EXERCISE DESCRIPTION
Which lines of the data include the string "photo"? List them all.

AVAILABLE RECORDS
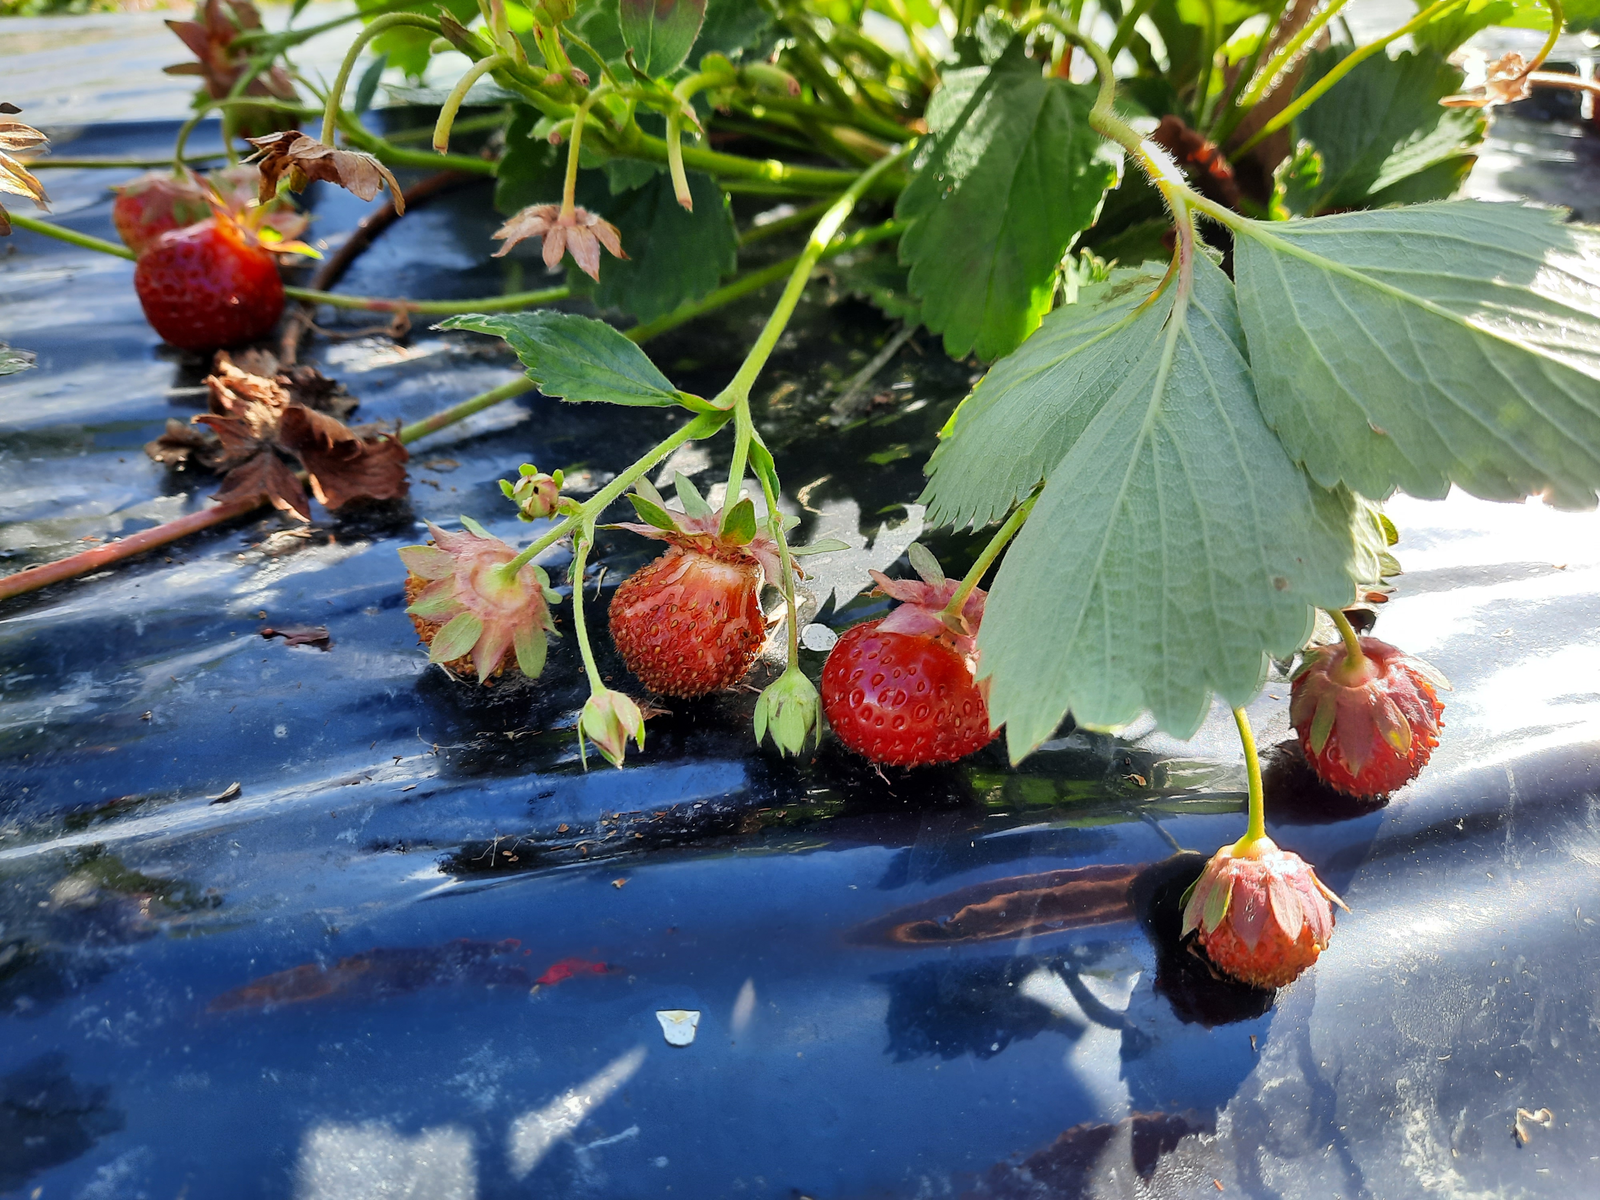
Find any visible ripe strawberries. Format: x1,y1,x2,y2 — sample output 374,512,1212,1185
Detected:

--

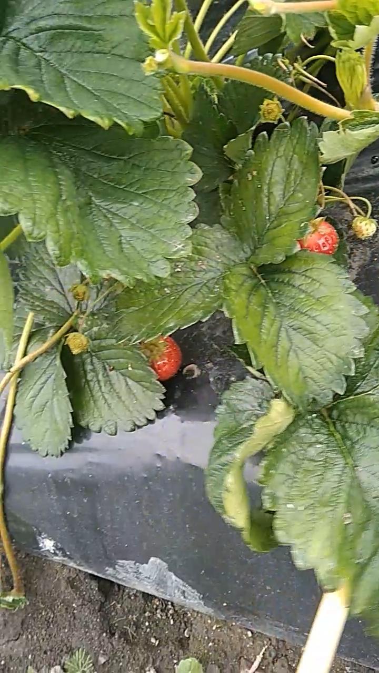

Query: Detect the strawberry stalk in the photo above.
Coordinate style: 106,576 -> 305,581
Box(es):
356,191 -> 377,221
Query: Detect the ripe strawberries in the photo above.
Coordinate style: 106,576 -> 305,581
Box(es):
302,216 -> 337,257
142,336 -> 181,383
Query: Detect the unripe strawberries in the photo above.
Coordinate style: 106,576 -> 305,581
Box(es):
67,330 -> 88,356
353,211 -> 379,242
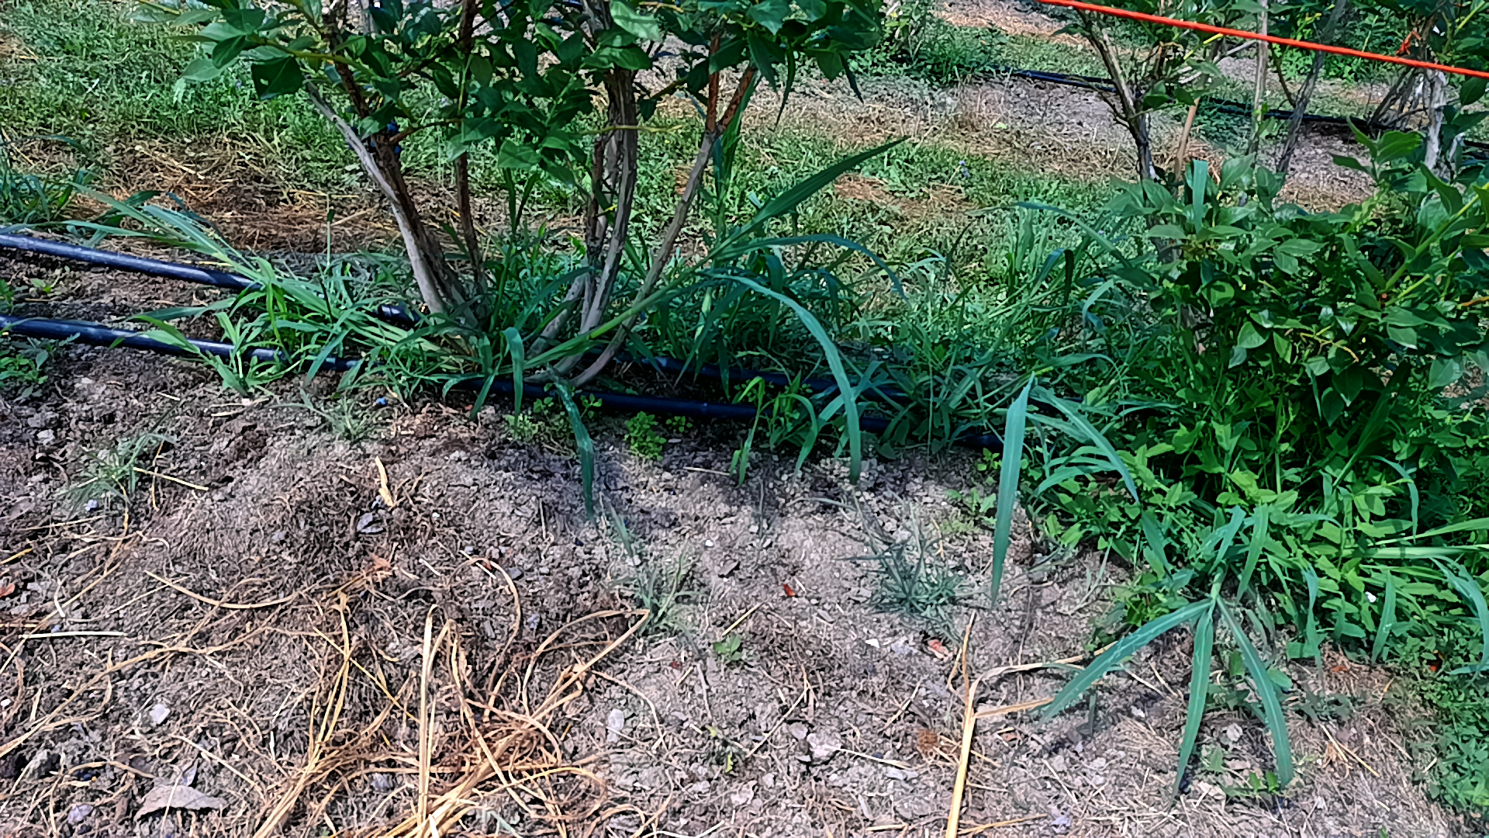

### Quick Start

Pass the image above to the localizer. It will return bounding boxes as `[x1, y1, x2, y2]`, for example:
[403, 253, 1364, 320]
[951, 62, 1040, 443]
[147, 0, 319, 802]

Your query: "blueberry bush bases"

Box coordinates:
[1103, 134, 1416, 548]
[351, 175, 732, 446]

EXERCISE RESPONSE
Query: Detect the strawberry stalk in the photo above.
Query: Detect the ripe strawberries in the photo above.
Query: Detect the unripe strawberries in the photo above.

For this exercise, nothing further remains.